■ Work task
Pull out every line below containing the word "width".

■ Supplied records

◆ ◆ ◆ ◆

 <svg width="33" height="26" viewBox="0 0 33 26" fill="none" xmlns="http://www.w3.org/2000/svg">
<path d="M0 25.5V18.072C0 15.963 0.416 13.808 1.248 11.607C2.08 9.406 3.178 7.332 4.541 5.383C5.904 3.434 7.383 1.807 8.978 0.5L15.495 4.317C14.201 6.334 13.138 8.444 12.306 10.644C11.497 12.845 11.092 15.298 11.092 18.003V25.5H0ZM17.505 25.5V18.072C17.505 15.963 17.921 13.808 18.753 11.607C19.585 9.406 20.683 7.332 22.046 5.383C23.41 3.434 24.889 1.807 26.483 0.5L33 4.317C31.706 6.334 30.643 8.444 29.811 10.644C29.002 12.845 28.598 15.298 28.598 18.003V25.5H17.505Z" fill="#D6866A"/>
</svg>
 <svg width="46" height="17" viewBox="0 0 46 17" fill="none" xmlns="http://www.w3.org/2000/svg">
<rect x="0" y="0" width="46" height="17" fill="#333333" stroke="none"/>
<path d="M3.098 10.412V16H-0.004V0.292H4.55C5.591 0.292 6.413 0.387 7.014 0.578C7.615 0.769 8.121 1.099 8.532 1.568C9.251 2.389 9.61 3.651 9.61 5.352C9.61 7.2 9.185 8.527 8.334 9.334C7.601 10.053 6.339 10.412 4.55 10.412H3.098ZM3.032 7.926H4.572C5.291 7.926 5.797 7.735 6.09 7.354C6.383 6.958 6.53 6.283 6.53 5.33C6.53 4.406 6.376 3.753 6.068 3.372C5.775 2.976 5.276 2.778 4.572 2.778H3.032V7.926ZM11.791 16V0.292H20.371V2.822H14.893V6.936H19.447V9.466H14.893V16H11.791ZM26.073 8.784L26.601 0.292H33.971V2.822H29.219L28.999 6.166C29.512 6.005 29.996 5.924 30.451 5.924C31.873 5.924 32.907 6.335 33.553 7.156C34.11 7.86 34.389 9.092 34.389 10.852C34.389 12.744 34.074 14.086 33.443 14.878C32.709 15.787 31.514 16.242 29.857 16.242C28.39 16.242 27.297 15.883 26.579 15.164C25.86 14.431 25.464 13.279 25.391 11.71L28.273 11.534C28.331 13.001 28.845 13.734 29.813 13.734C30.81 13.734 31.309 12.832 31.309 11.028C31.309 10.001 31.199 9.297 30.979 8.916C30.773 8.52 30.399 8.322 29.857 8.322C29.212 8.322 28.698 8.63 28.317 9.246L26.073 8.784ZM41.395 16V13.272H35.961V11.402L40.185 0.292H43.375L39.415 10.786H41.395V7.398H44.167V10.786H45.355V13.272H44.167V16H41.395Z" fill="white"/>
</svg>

◆ ◆ ◆ ◆

■ Response box
 <svg width="33" height="26" viewBox="0 0 33 26" fill="none" xmlns="http://www.w3.org/2000/svg">
 <svg width="46" height="17" viewBox="0 0 46 17" fill="none" xmlns="http://www.w3.org/2000/svg">
<rect x="0" y="0" width="46" height="17" fill="#333333" stroke="none"/>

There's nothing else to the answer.